Using cosine similarity to find matching documents: a tutorial using Seneca’s letters to his friend Lucilius

[This article was first published on Econometrics and Free Software, and kindly contributed to R-bloggers]. (You can report issue about the content on this page here)
Want to share your content on R-bloggers? click here if you have a blog, or here if you don't.

Lately I’ve been interested in trying to cluster documents, and to find similar documents based on their contents. In this blog post, I will use Seneca’s Moral letters to Lucilius and compute the pairwise cosine similarity of his 124 letters. Computing the cosine similarity between two vectors returns how similar these vectors are. A cosine similarity of 1 means that the angle between the two vectors is 0, and thus both vectors have the same direction. Seneca’s Moral letters to Lucilius deal mostly with philosophical topics, as Seneca was, among many other things, a philosopher of the stoic school. The stoic school of philosophy is quite interesting, but it has been unfortunately misunderstood, especially in modern times. There is now a renewed interest for this school, see Modern Stoicism.

The first step is to scrape the letters. The code below scrapes the letters, and saves them into a list. I first start by writing a function that gets the raw text. Note the xpath argument of the html_nodes() function. I obtained this complex expression by using the SelectorGadget extension for Google Chrome, and then selecting the right element of the web page. See this screenshot if my description was not very clear.

Then, the extract_text() function extracts the text from the letter. The only line that might be a bit complex is discard(~`==`(., "")) which removes every empty line.

Finally, there’s the get_letter() function that actually gets the letter by calling the first two functions. In the last line, I get all the letters into a list by mapping the list of urls to the get_letter() function.

library(tidyverse)
library(rvest)

base_url <- "https://en.wikisource.org/wiki/Moral_letters_to_Lucilius/Letter_"

letter_numbers <- seq(1, 124)

letter_urls <- paste0(base_url, letter_numbers)

get_raw_text <- function(base_url, letter_number){
  paste0(base_url, letter_number) %>%
    read_html() %>%
    html_nodes(xpath ='//*[contains(concat( " ", @class, " " ), concat( " ", "mw-parser-output", " " ))]') %>%  
    html_text()
}


extract_text <- function(raw_text, letter_number){
  raw_text <- raw_text %>%
    str_split("\n") %>%  
    flatten_chr() %>%  
    discard(~`==`(., ""))

  start <- 5

  end <- str_which(raw_text, "Footnotes*")
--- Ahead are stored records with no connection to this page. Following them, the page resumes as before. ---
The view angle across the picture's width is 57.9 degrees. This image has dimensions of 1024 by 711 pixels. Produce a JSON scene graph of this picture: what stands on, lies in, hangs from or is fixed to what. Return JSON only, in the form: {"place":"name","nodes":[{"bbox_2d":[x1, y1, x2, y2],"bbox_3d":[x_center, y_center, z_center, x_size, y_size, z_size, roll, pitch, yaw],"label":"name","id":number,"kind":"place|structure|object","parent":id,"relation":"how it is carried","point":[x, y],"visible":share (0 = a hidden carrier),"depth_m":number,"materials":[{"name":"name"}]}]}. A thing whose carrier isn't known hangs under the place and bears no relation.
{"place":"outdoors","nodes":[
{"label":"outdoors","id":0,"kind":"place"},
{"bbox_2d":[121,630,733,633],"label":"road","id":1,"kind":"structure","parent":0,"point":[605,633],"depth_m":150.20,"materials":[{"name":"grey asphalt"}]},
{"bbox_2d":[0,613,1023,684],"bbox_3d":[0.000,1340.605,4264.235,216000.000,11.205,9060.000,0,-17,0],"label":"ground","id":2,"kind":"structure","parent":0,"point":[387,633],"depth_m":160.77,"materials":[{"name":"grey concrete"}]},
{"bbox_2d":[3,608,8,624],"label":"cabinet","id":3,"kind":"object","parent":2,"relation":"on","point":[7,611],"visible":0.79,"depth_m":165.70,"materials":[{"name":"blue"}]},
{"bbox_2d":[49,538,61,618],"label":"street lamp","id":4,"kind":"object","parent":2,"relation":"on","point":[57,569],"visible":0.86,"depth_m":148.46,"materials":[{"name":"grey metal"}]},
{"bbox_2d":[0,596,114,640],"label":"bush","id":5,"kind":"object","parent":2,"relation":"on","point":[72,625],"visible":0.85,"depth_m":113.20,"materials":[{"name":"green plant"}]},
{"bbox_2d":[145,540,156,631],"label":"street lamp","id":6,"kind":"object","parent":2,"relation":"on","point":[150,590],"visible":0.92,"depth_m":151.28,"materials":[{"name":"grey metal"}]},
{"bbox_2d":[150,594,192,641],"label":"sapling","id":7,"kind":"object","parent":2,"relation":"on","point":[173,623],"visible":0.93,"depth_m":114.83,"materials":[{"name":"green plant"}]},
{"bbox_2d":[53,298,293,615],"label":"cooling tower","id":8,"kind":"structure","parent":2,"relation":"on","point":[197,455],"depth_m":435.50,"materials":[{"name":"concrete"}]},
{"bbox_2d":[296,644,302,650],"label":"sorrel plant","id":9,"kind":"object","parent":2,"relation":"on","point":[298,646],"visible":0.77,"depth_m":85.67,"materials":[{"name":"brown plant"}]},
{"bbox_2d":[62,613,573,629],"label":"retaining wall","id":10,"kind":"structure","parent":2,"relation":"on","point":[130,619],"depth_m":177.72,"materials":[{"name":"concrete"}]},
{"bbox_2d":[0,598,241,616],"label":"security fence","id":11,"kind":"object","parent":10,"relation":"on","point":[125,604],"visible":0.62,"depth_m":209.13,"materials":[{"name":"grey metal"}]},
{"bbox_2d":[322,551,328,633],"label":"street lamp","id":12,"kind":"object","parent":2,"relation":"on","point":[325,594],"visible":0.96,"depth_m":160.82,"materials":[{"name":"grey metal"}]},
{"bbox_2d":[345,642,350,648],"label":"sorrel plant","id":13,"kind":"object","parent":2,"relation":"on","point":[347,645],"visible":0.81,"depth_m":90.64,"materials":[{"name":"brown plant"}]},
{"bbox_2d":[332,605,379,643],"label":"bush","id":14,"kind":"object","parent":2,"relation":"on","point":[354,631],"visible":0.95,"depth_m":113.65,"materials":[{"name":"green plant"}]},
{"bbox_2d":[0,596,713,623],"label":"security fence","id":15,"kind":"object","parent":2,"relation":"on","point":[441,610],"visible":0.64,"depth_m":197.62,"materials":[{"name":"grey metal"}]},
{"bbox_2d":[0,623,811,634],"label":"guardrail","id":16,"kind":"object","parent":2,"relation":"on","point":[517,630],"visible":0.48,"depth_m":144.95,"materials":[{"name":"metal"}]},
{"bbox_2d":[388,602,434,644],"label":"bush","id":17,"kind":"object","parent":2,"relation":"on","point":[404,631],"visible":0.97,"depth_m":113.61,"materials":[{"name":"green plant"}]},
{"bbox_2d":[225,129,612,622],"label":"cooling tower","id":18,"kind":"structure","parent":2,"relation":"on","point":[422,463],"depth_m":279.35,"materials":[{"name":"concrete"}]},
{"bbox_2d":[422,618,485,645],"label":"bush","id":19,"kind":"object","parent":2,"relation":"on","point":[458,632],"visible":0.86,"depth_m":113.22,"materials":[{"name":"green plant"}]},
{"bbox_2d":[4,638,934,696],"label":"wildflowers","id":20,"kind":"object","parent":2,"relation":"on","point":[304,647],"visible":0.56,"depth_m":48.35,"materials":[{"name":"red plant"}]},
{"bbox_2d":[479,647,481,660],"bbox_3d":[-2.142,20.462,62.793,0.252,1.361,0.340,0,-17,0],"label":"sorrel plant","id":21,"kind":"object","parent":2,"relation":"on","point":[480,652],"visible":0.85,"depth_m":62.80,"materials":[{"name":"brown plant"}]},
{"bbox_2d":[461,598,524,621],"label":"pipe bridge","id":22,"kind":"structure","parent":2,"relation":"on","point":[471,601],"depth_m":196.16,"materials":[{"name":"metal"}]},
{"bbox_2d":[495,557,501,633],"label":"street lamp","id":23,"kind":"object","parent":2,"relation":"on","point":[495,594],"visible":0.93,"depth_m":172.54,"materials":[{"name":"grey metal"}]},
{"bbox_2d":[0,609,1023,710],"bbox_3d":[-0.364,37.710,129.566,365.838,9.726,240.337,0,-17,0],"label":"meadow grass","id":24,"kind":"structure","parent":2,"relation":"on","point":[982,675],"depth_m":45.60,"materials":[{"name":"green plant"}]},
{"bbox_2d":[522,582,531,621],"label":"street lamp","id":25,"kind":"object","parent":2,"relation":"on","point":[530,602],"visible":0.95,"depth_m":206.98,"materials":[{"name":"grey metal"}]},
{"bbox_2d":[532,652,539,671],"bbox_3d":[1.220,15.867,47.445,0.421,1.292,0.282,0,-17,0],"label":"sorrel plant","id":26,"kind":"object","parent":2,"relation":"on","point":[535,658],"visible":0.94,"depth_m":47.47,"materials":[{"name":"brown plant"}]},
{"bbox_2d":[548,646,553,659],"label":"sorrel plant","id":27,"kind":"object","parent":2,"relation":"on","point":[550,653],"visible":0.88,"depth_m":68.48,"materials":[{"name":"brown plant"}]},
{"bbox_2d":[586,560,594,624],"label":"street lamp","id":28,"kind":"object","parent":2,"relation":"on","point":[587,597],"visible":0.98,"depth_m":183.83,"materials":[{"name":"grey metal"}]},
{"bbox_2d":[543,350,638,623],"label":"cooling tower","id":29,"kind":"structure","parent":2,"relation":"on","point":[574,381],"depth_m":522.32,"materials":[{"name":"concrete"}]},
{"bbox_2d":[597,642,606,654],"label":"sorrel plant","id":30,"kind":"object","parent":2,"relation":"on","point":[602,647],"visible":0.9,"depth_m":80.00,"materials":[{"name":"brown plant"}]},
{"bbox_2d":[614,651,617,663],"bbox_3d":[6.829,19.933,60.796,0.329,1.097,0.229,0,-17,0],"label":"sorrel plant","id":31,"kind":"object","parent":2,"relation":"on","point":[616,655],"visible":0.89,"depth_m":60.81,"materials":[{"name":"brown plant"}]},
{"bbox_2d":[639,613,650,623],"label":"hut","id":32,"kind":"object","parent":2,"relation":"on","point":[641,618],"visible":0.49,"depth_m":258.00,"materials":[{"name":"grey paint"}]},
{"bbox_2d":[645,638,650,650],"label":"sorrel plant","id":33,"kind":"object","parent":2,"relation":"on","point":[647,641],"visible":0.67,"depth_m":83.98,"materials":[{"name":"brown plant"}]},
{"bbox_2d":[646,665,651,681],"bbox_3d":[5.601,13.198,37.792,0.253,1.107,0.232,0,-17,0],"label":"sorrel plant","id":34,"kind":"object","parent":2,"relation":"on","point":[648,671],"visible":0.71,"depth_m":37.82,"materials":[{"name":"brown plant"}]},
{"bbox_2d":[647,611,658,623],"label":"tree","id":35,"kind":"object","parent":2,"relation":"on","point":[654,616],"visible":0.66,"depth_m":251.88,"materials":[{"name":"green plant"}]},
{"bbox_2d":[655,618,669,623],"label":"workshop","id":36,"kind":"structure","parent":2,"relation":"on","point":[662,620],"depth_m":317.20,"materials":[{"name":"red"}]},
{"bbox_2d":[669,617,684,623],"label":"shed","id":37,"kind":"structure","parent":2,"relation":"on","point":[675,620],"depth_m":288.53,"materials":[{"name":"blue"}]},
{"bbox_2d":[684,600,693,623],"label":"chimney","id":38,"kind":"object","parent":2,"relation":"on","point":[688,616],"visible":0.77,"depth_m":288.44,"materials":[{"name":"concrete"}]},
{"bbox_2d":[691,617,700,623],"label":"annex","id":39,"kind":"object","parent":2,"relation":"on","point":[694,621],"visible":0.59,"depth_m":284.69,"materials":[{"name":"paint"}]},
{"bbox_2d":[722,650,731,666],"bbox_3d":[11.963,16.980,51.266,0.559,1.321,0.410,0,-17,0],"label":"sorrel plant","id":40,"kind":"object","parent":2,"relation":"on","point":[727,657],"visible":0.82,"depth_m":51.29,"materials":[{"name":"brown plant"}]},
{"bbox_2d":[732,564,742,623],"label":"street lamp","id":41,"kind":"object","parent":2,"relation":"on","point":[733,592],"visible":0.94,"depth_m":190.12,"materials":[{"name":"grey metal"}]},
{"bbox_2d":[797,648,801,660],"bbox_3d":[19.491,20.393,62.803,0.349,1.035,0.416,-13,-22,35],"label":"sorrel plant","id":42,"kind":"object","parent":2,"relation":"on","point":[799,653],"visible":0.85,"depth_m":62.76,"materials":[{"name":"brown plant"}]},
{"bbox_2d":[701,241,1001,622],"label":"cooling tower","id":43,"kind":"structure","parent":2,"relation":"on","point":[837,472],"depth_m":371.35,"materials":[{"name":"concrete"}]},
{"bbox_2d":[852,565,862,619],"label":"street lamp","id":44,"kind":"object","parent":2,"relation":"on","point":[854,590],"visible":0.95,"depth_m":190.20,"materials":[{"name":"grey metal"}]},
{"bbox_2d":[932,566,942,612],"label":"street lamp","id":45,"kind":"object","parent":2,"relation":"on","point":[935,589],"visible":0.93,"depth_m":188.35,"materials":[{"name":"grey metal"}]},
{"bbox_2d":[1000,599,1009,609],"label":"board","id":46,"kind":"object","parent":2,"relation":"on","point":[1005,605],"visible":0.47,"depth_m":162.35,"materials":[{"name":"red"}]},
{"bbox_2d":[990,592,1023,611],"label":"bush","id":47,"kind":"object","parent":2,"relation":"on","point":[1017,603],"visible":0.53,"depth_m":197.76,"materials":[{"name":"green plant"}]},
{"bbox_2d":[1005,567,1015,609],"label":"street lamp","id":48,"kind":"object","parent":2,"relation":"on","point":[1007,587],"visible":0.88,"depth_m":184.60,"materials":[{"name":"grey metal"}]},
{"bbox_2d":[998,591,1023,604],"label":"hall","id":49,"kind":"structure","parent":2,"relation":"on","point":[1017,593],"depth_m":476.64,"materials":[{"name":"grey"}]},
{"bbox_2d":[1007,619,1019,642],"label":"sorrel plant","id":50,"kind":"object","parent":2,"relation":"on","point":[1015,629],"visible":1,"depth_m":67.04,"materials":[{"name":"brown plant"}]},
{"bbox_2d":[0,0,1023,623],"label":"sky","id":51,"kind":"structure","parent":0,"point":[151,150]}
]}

  raw_text[start:(end-1)] %>%
    str_remove_all("\\[\\d{1,}\\]") %>%
    str_remove_all("\\[edit\\]")
}

get_letter <- function(base_url, letter_number){

  raw_text <- get_raw_text(base_url, letter_number)

  extract_text(raw_text, letter_number)
}

letters_to_lucilius <- map2(base_url, letter_numbers, get_letter)

Now that we have the letters saved in a list, we need to process the text a little bit. In order to compute the cosine similarity between the letters, I need to somehow represent them as vectors. There are several ways of doing this, and I am going to compute the tf-idf of each letter. The tf-idf will give me a vector for each letter, with zero and non-zero values. Zero values represent words that are common to all letters, and thus do not have any predictive power. Non-zero values are words that are not present in all letters, but maybe only a few. I expect that letters that discuss death for example, will have the word death in them, and letters that do not discuss death will not have this word. The word death thus has what I call predictive power, in that it helps us distinguish the letters discussing death from the other letters that do not discuss it. The same reasoning can be applied for any topic.

So, to get the tf-idf of each letter, I first need to put them in a tidy dataset. I will use the {tidytext} package for this. First, I load the required packages, convert each letter to a dataframe of one column that contains the text, and save the letter’s titles into another list:

library(tidytext)
library(SnowballC)
library(stopwords)
library(text2vec)

letters_to_lucilius_df <- map(letters_to_lucilius, ~tibble("text" = .))

letter_titles <- letters_to_lucilius_df %>%
  map(~slice(., 1)) %>%
  map(pull)

Now, I add this title to each dataframe as a new column, called title:

letters_to_lucilius_df <-  map2(.x = letters_to_lucilius_df, .y = letter_titles,
                                ~mutate(.x, title = .y)) %>%
  map(~slice(., -1))

I can now use unnest_tokens() to transform the datasets. Before, I had the whole text of the letter in one column. After using unnest_tokens() I now have a dataset with one row per word. This will make it easy to compute frequencies by letters, or what I am interested in, the tf-idf of each letter:

tokenized_letters <- letters_to_lucilius_df %>%
  bind_rows() %>%
  group_by(title) %>%
  unnest_tokens(word, text)

I can now remove stopwords, using the data containing in the {stopwords} package:

stopwords_en <- tibble("word" = stopwords("en", source  = "smart"))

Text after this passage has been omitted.